By: Kathleen Sandusky
21 Jun, 2022
Like most industries, the field of AI is now reckoning with its lack of diversity, waking up to the effects of bias and siloed perspectives that can bring about disastrous results like racial disparities in voice recognition and underdiagnosis of disease in women and under-served patient populations. These missteps reduce effectiveness and damage public trust in AI, and limit the many opportunities for novel ideas and solutions that come from diversity. Additionally, talent shortages in Canada’s growing tech industry may be due in part to a lack of welcoming work and learning spaces for diverse people.

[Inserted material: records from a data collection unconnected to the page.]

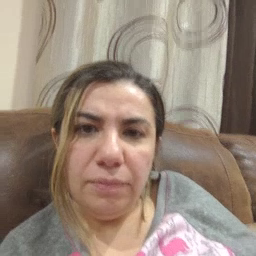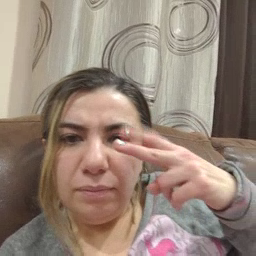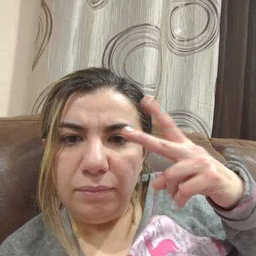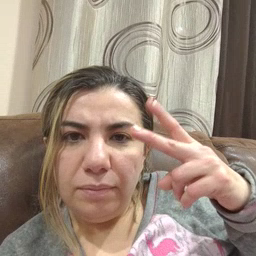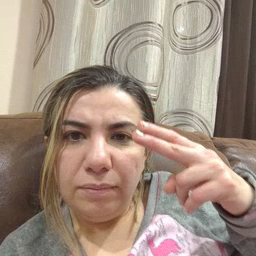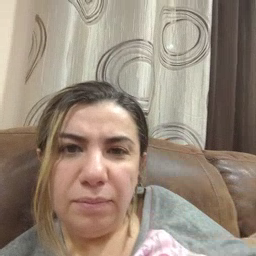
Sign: scissors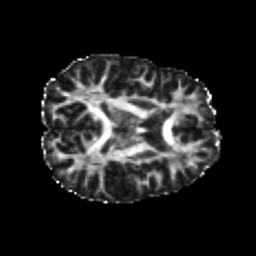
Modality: FA
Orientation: axial
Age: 20
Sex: female
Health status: healthy
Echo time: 0.074 s
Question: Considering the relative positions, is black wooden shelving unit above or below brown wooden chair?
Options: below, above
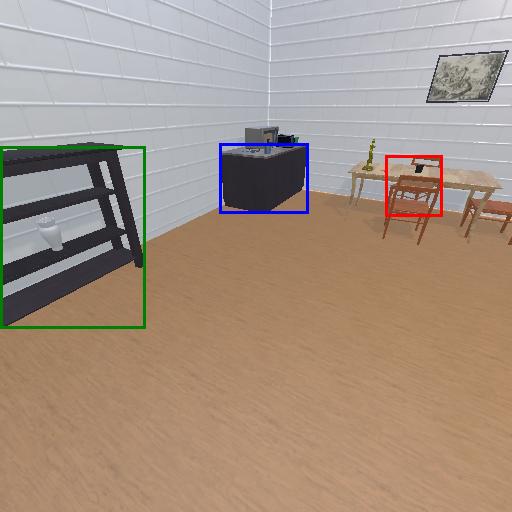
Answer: below
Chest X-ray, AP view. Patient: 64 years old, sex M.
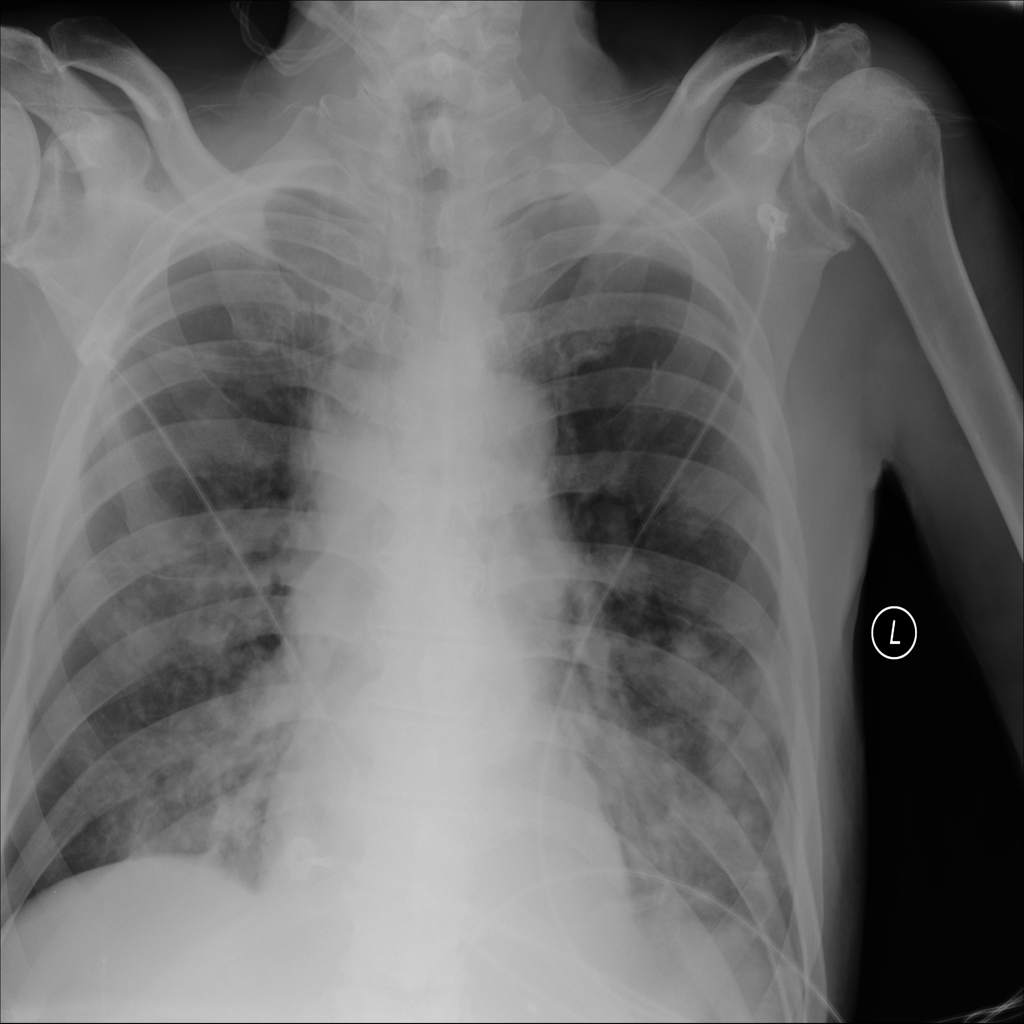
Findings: Nodule
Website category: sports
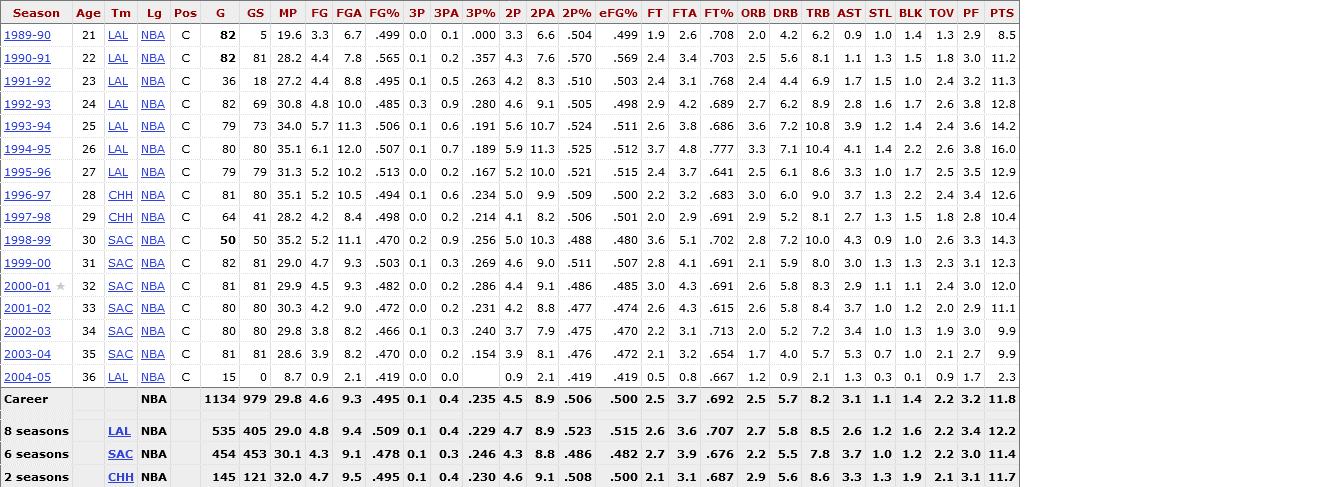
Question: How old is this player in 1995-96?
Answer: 27

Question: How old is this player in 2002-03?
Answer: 34

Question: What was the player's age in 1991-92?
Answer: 23

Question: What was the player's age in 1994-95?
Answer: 26

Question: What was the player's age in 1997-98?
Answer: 29

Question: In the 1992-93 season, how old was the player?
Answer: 24

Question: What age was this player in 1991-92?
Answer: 23

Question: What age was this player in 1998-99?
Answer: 30

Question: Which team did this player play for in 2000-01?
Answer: SAC

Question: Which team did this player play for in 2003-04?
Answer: SAC

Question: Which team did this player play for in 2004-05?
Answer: LAL

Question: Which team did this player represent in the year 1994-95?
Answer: LAL

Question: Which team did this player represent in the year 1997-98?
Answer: CHH

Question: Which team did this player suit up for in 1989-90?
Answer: LAL

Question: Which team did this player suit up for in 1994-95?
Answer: LAL

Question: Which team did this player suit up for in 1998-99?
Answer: SAC

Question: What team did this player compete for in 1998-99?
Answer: SAC

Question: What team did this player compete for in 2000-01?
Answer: SAC

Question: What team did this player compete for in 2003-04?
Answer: SAC

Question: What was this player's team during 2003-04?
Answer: SAC

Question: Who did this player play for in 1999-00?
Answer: SAC

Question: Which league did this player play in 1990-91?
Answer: NBA

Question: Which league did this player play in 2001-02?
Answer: NBA

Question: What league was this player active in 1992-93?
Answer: NBA

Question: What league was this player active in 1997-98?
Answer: NBA

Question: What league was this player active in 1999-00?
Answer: NBA

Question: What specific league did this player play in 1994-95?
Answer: NBA

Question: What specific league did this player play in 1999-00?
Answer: NBA

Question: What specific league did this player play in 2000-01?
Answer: NBA

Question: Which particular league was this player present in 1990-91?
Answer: NBA

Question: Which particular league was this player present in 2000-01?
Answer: NBA

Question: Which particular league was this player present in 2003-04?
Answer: NBA

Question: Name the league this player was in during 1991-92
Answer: NBA

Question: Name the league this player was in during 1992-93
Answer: NBA

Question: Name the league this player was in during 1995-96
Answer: NBA

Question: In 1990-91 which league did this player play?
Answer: NBA

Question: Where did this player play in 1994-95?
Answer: NBA

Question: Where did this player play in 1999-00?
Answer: NBA

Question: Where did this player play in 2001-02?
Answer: NBA

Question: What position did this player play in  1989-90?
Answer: C

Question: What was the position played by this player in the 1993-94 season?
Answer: C

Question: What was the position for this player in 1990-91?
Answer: C

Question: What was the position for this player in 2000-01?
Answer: C

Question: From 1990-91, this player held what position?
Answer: C

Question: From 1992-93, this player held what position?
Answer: C

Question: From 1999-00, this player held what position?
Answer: C

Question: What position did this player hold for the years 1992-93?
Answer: C

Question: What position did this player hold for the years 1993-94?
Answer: C

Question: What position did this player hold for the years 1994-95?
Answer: C

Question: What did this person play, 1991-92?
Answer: C

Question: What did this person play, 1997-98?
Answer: C

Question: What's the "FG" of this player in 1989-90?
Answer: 3.3

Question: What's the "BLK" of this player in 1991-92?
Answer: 1.0

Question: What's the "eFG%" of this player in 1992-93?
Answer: .498

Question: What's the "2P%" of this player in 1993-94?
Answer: .524

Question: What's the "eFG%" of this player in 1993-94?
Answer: .511

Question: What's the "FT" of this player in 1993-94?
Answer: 2.6

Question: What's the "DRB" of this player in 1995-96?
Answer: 6.1

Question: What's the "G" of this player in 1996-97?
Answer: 81

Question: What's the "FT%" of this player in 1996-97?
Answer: .683

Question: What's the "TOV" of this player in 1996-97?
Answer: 2.4

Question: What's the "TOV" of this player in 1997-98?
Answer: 1.8

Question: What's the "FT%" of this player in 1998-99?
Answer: .702

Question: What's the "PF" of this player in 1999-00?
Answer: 3.1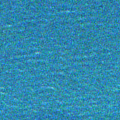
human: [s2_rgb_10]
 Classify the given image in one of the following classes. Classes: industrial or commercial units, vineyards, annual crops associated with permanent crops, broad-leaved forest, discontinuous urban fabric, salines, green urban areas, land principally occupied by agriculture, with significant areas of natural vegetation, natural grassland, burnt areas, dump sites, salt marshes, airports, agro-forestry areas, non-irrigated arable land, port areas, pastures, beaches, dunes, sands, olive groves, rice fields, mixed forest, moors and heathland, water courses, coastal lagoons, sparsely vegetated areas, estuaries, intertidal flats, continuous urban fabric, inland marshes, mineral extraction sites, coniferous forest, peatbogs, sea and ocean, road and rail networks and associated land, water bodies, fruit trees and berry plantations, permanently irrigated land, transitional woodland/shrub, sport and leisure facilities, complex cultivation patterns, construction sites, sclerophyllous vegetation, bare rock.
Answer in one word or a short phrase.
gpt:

“It’s the first time I’ve been a part of a women-only tech group, and it feels innately safe and welcoming.”
–Paige Lewis, AI4Good Lab Toronto Cohort 2022
Now in its sixth year, the AI4Good Lab is working to address the need for gender diversity in AI with a yearly seven-week summer training program that has grown from its first site in Montreal in 2017, to the second site at Edmonton’s Amii in 2019, to this year’s launch of its third site at Toronto Metropolitan University (TMU; formerly Ryerson University).
Supported by founding partners OSMO and CIFAR through the Pan-Canadian Artificial Intelligence Strategy, the AI4Good Lab emphasizes mentorship and curiosity-driven learning to prepare women and gender-diverse participants for a career in AI. This year’s 90 participants attend virtual lectures and workshops with leading AI researchers, followed by on-site training at their host institutions. They collaborate in local teams, striving together to create a real-world machine learning project to present in a culminating competition in the final week. They also attend networking events with tech startups and companies that are eager to recruit from this talented cohort.
One participant is Paige Lewis, a TMU biophysics and computer science student. On top of her studies and machine learning co-op placement, she occupies her spare time by building curiosity-driven algorithms, including a tool to predict book ratings and a personalized language learning module that uses open-source datasets.
Despite her talent and innate affinity for machine learning, Paige hasn’t always felt welcomed in tech. “There’s this pressure of having to exist as a woman in what can be a very male space, feeling you have to look a certain way, talk a certain way, dress a certain way,” she reports. “When I found out about this program, I was really excited to learn in a group where being a woman wouldn’t be an issue, and it’s been so much fun. It’s the first time I’ve been a part of a women-only tech group, and it feels innately safe and welcoming.”
That safe and welcoming environment is just what host university TMU is aiming for. “The increased participation of women and people of diverse genders and backgrounds is very much needed in STEM,” comments Johannes Dyring, Assistant Vice-President, Business Development and Strategic Initiatives in the Office of the Vice-President Research and Innovation at TMU. “Diversity and inclusion are key to Canada’s competitiveness, and TMU is proud to cheer on the contributions of women and people of diverse genders who have so much talent and insight to add to this important and growing field of AI.”